Work item
Write out every record exactly as it appears. Skip the pictures.
BEGIN Records provided
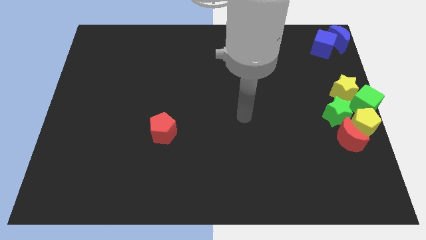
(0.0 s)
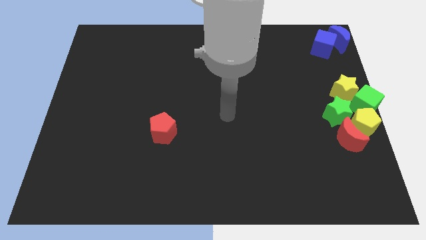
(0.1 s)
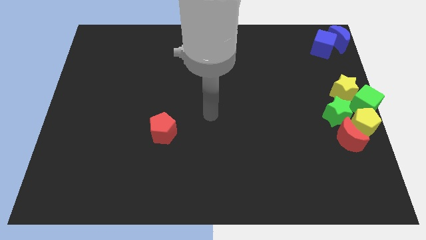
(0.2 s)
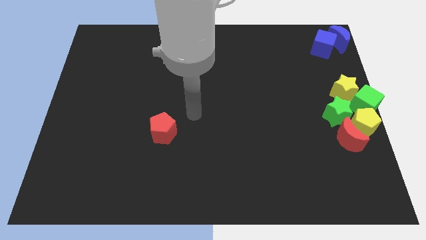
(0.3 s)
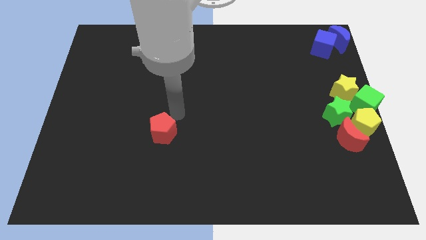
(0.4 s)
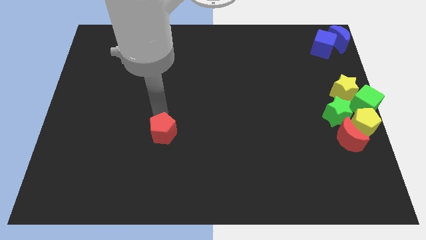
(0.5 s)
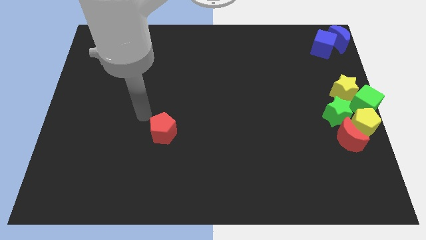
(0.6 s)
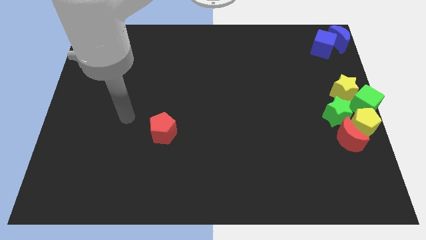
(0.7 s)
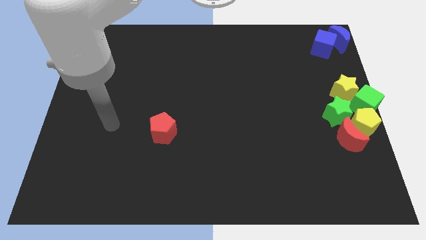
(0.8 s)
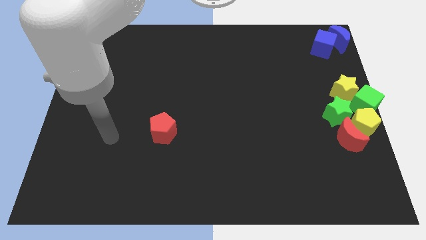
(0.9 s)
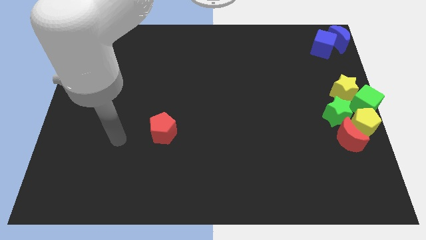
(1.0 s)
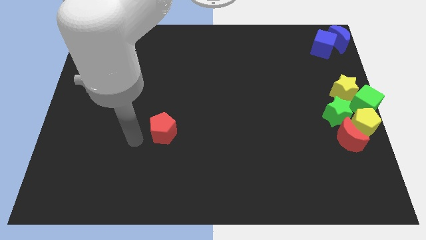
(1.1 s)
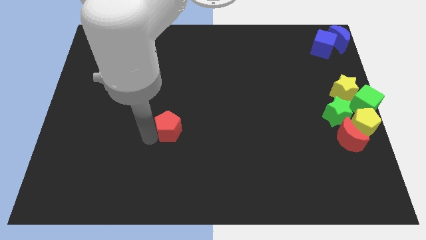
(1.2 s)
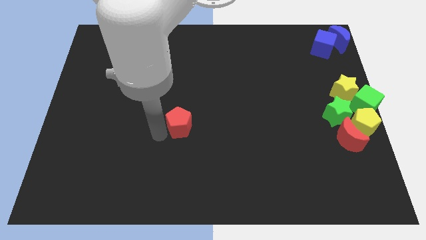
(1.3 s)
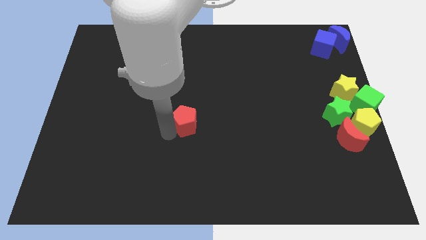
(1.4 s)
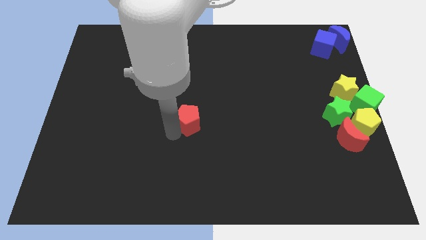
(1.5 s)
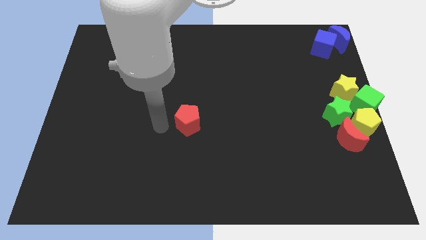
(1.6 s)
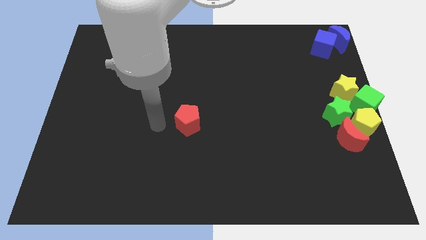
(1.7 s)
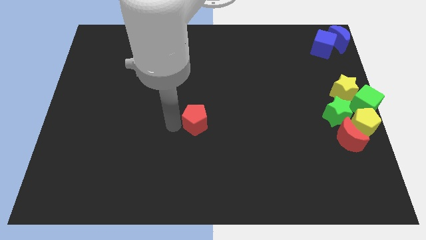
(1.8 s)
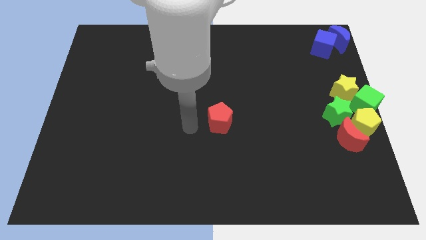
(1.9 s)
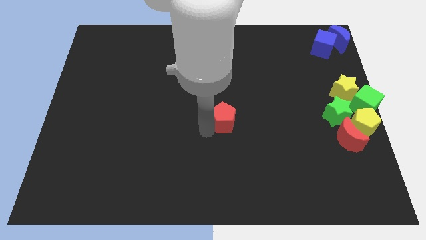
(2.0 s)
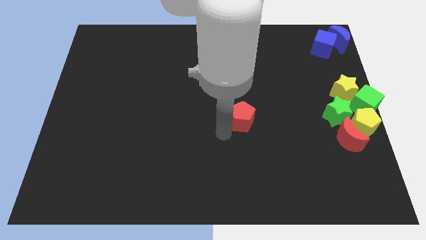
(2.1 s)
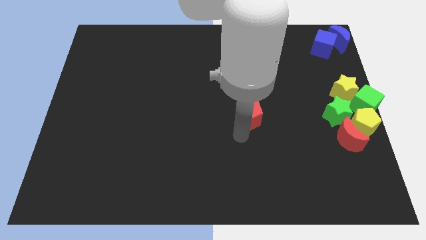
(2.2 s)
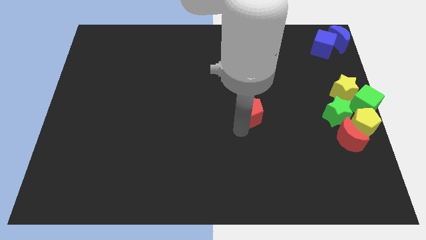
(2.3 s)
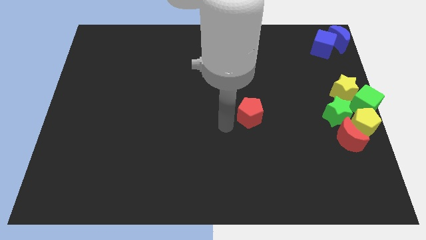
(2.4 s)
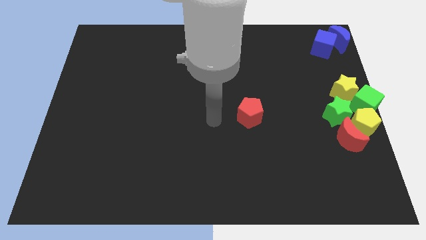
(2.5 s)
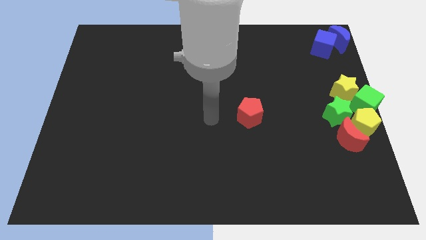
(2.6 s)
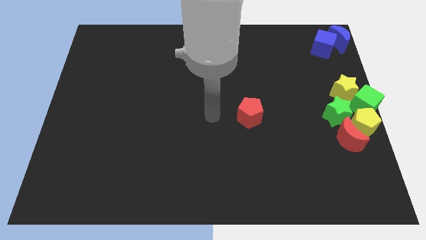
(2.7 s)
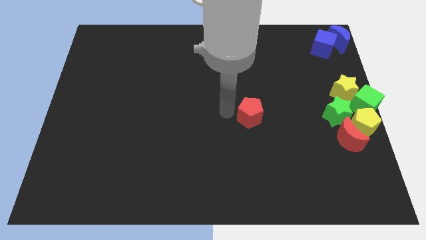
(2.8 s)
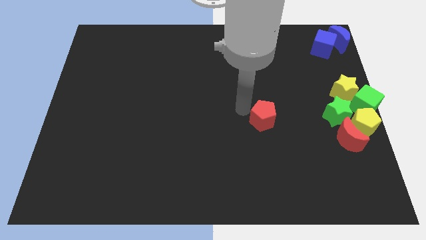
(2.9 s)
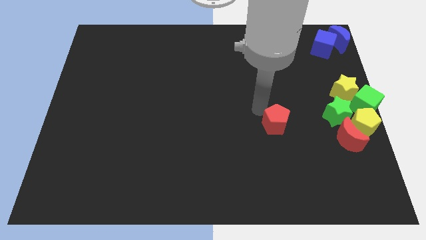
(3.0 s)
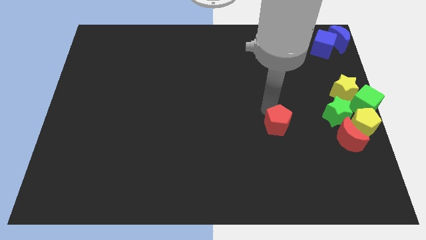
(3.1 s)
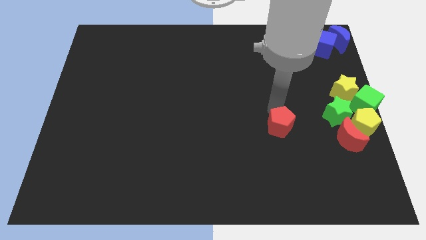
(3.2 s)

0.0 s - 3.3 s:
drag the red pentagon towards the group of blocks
END Records provided
Answer for this exercise
(0.0 s)
(0.1 s)
(0.2 s)
(0.3 s)
(0.4 s)
(0.5 s)
(0.6 s)
(0.7 s)
(0.8 s)
(0.9 s)
(1.0 s)
(1.1 s)
(1.2 s)
(1.3 s)
(1.4 s)
(1.5 s)
(1.6 s)
(1.7 s)
(1.8 s)
(1.9 s)
(2.0 s)
(2.1 s)
(2.2 s)
(2.3 s)
(2.4 s)
(2.5 s)
(2.6 s)
(2.7 s)
(2.8 s)
(2.9 s)
(3.0 s)
(3.1 s)
(3.2 s)

0.0 s - 3.3 s:
drag the red pentagon towards the group of blocks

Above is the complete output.